Stored records
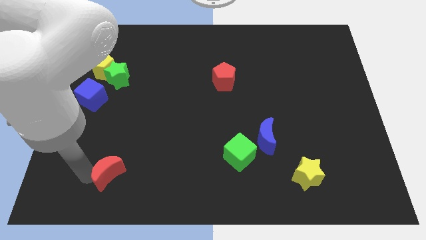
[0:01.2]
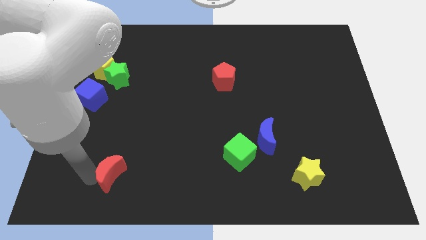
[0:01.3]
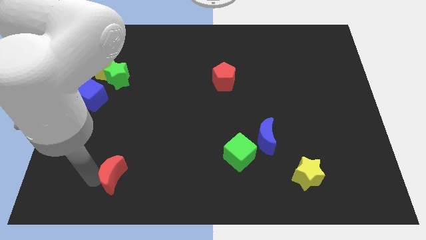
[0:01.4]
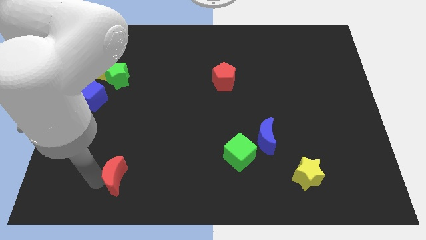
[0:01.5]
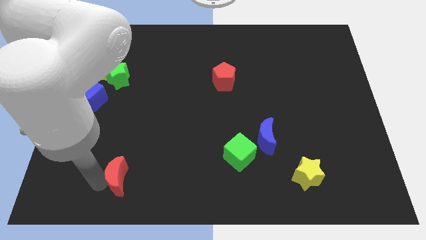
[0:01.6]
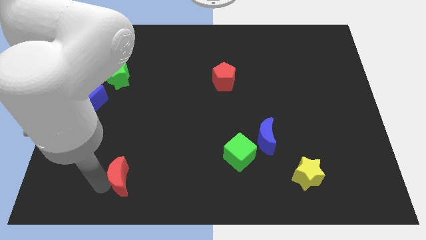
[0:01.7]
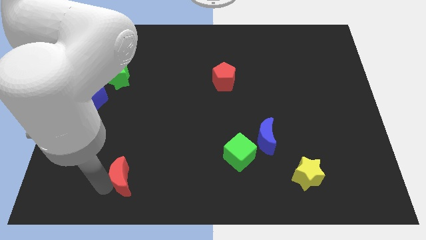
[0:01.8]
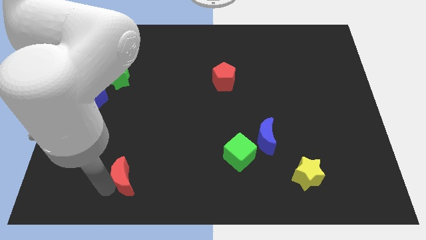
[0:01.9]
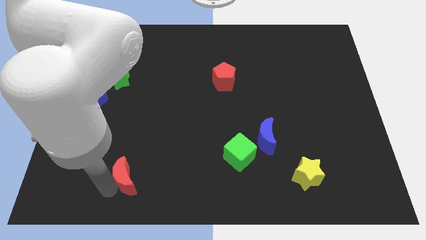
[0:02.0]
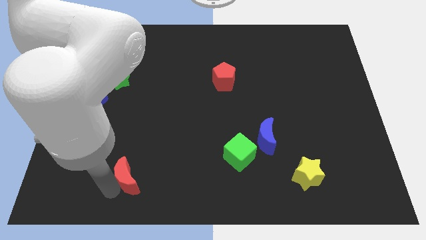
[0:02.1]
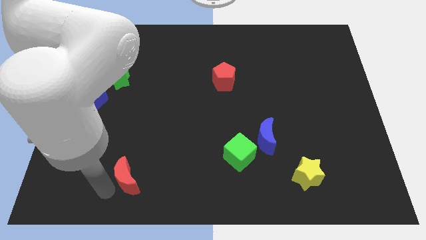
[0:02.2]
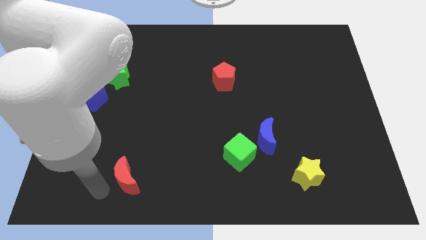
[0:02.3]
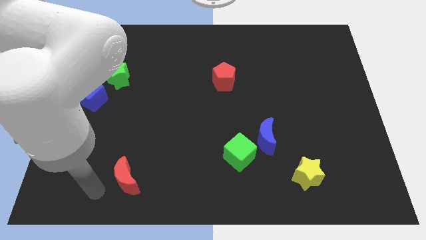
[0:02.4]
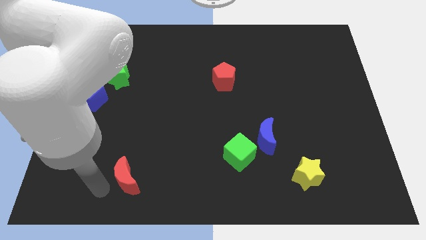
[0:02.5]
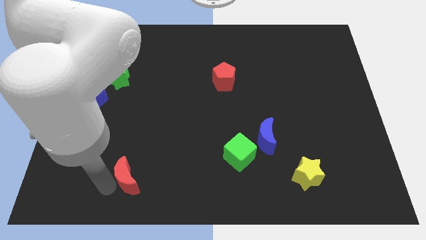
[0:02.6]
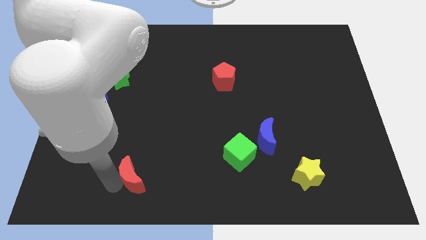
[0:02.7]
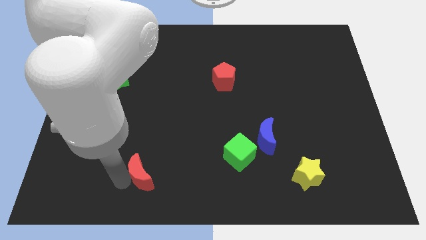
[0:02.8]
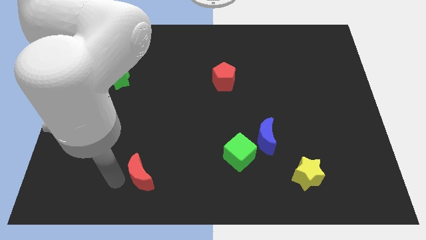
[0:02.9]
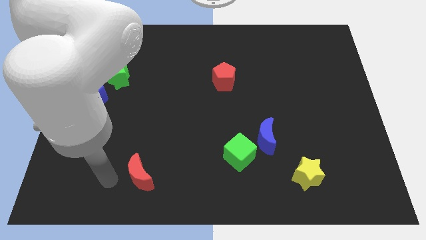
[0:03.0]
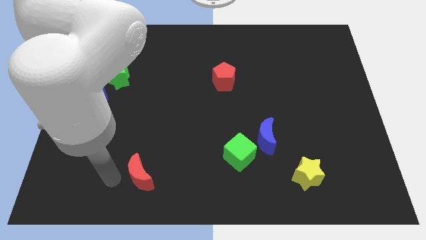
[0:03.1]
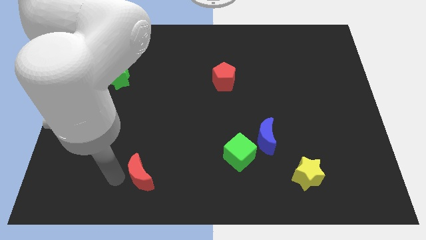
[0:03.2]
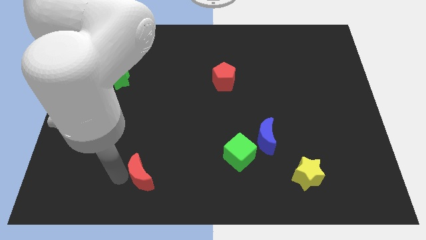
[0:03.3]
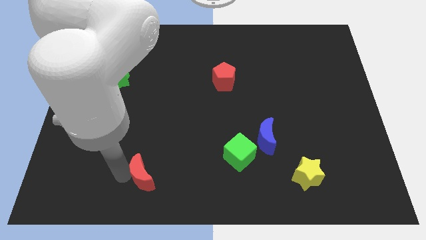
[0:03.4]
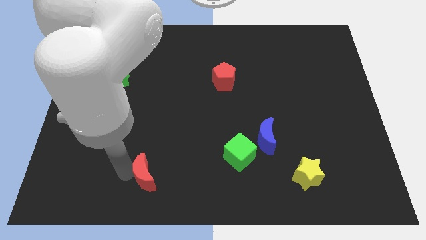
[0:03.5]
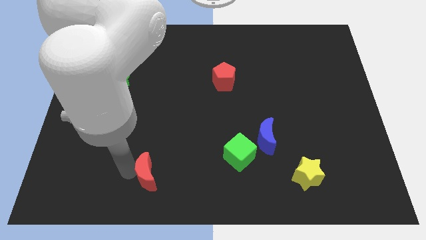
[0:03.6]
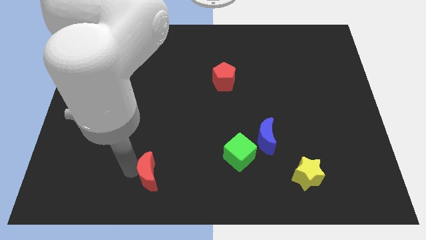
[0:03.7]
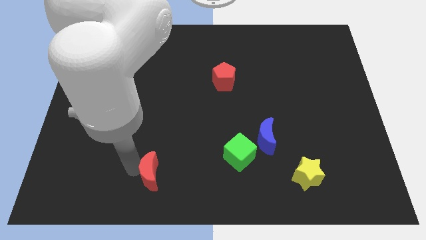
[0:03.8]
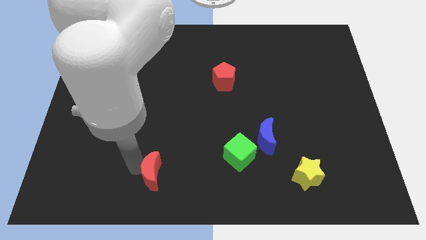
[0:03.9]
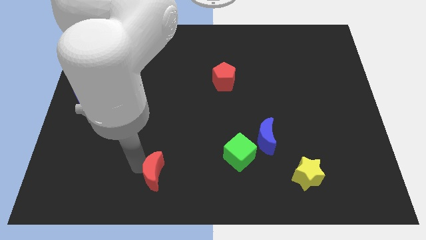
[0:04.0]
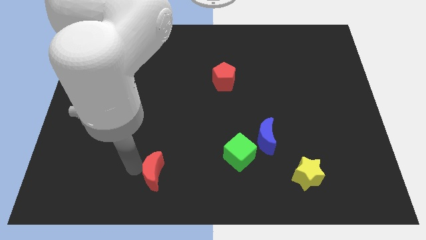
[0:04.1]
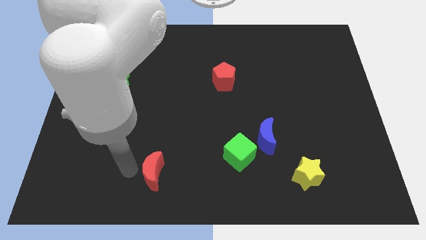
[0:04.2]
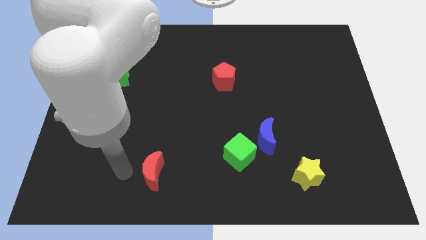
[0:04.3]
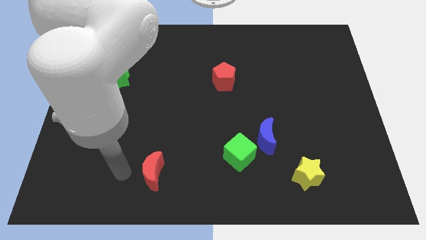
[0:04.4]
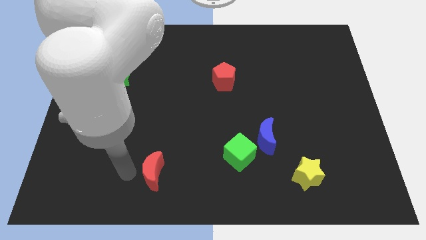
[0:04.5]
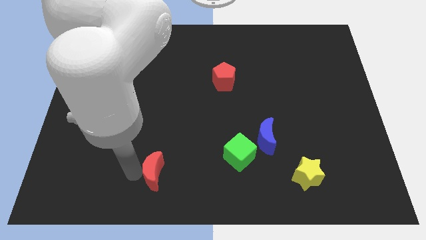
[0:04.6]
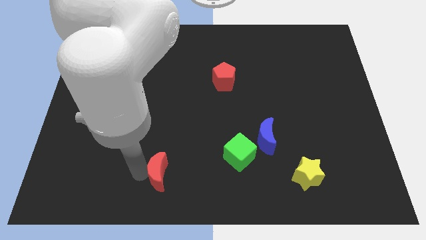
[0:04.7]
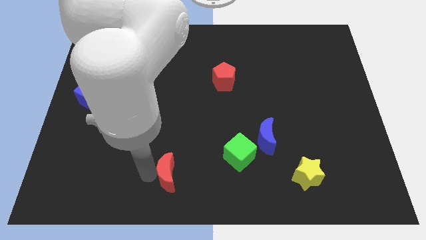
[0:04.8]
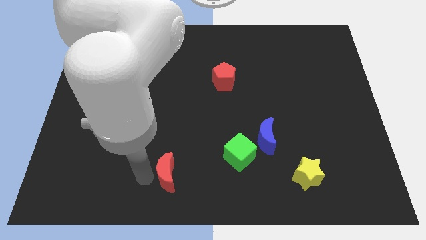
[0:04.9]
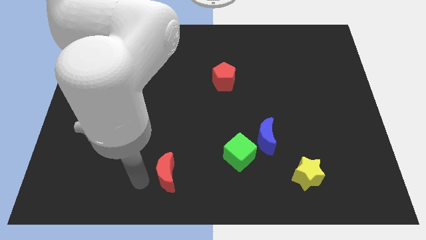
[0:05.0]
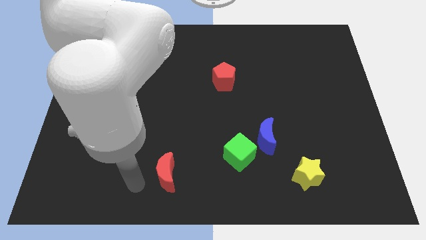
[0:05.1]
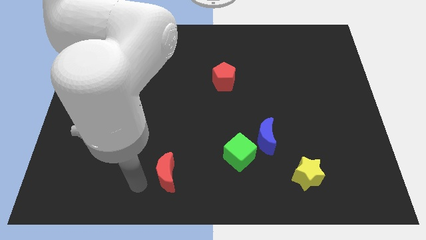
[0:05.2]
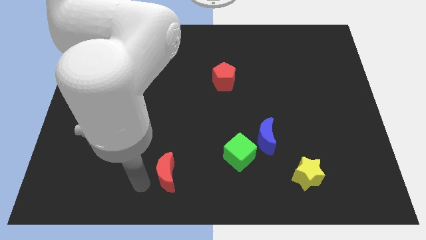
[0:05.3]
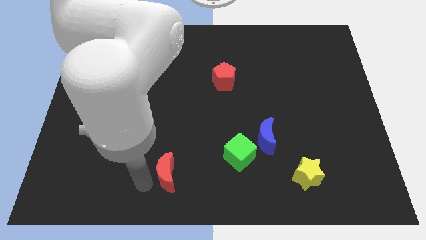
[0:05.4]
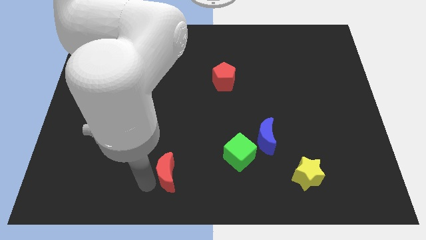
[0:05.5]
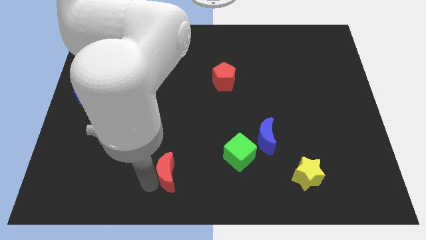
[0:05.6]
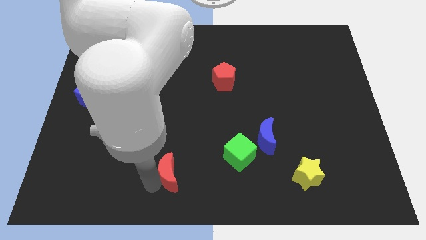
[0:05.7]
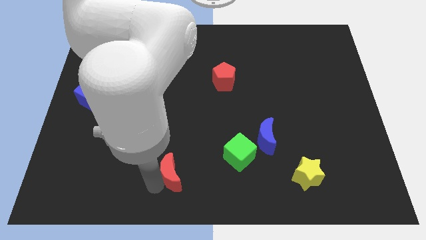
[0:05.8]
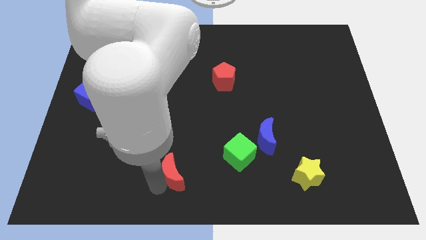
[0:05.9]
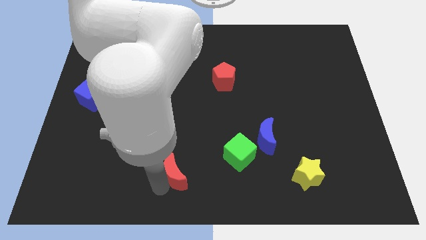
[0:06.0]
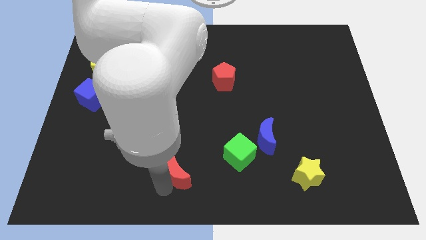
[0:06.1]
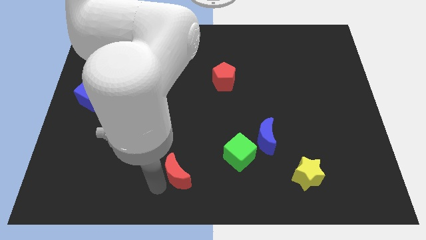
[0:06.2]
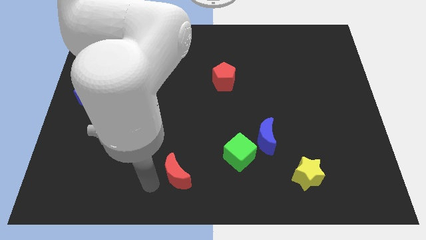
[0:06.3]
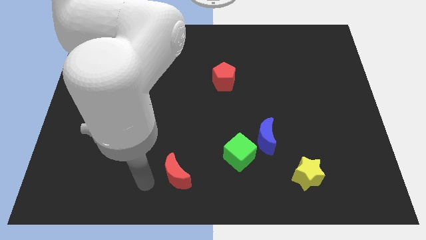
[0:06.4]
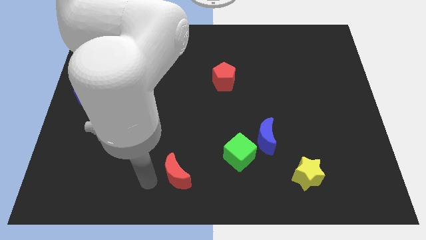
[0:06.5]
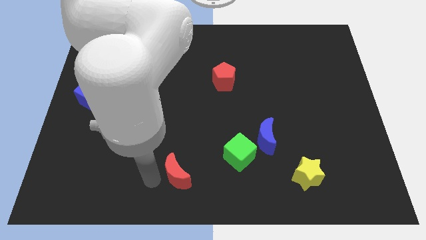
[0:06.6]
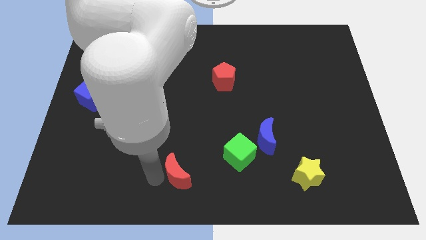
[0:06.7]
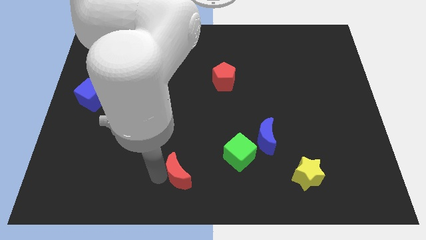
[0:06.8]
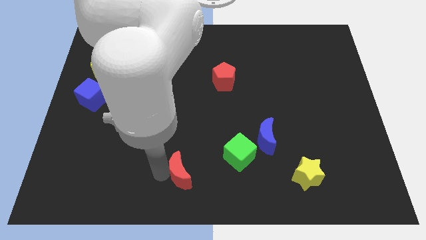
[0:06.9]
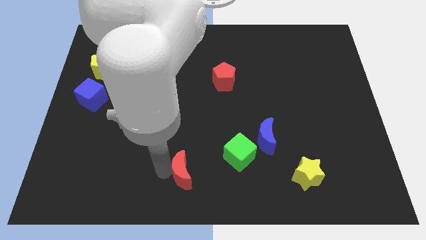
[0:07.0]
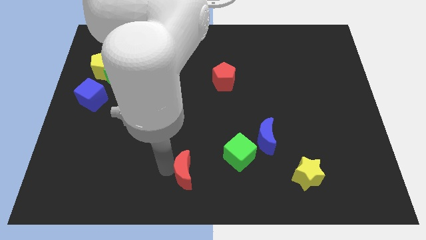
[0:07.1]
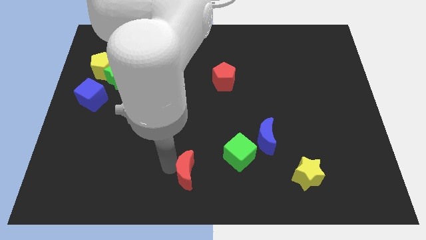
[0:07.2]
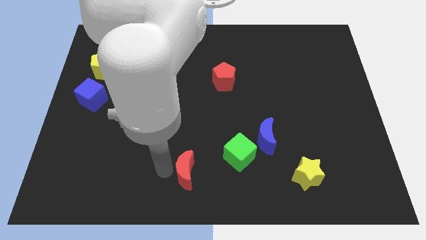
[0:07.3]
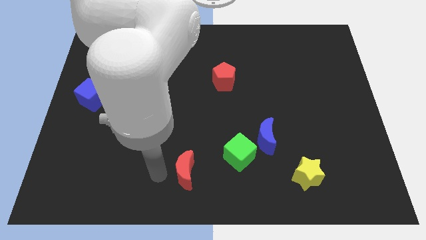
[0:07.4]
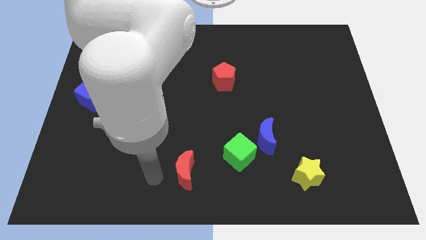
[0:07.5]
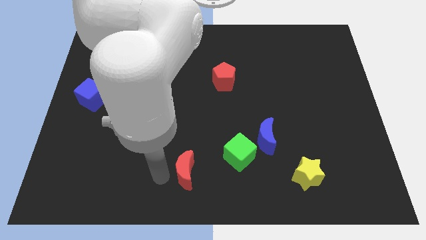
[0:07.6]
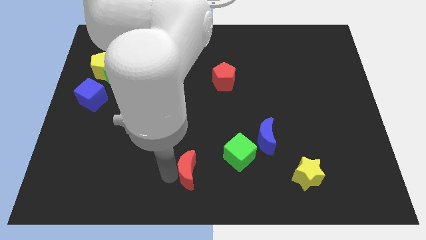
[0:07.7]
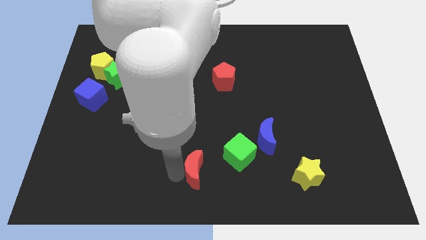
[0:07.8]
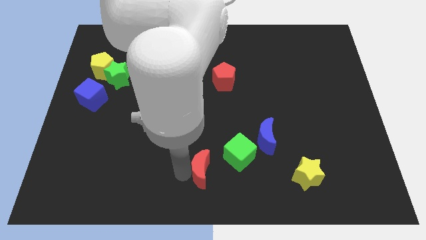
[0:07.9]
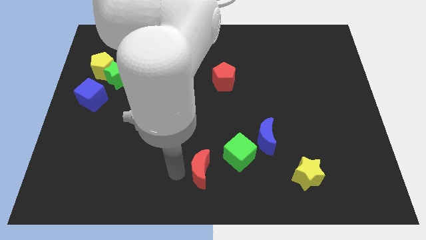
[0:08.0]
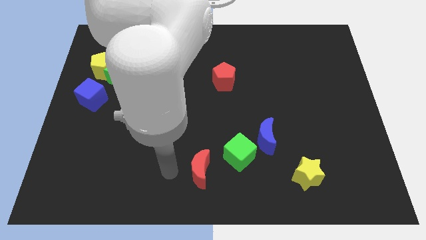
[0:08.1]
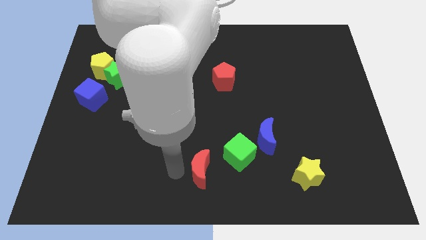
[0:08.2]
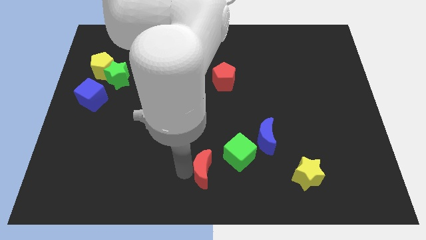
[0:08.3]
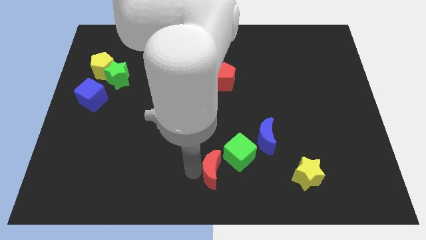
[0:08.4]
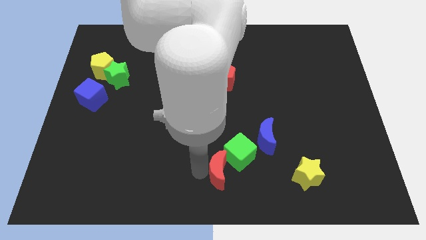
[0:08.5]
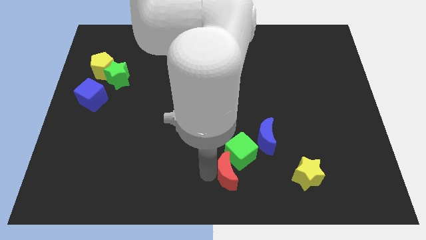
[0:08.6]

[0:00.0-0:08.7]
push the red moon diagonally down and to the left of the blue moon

### [AIM OF THE EXERCISE]
Each of the entries above must be output exactly, with none of the pictures.

### [EXERCISE RESULT]
[0:01.2]
[0:01.3]
[0:01.4]
[0:01.5]
[0:01.6]
[0:01.7]
[0:01.8]
[0:01.9]
[0:02.0]
[0:02.1]
[0:02.2]
[0:02.3]
[0:02.4]
[0:02.5]
[0:02.6]
[0:02.7]
[0:02.8]
[0:02.9]
[0:03.0]
[0:03.1]
[0:03.2]
[0:03.3]
[0:03.4]
[0:03.5]
[0:03.6]
[0:03.7]
[0:03.8]
[0:03.9]
[0:04.0]
[0:04.1]
[0:04.2]
[0:04.3]
[0:04.4]
[0:04.5]
[0:04.6]
[0:04.7]
[0:04.8]
[0:04.9]
[0:05.0]
[0:05.1]
[0:05.2]
[0:05.3]
[0:05.4]
[0:05.5]
[0:05.6]
[0:05.7]
[0:05.8]
[0:05.9]
[0:06.0]
[0:06.1]
[0:06.2]
[0:06.3]
[0:06.4]
[0:06.5]
[0:06.6]
[0:06.7]
[0:06.8]
[0:06.9]
[0:07.0]
[0:07.1]
[0:07.2]
[0:07.3]
[0:07.4]
[0:07.5]
[0:07.6]
[0:07.7]
[0:07.8]
[0:07.9]
[0:08.0]
[0:08.1]
[0:08.2]
[0:08.3]
[0:08.4]
[0:08.5]
[0:08.6]

[0:00.0-0:08.7]
push the red moon diagonally down and to the left of the blue moon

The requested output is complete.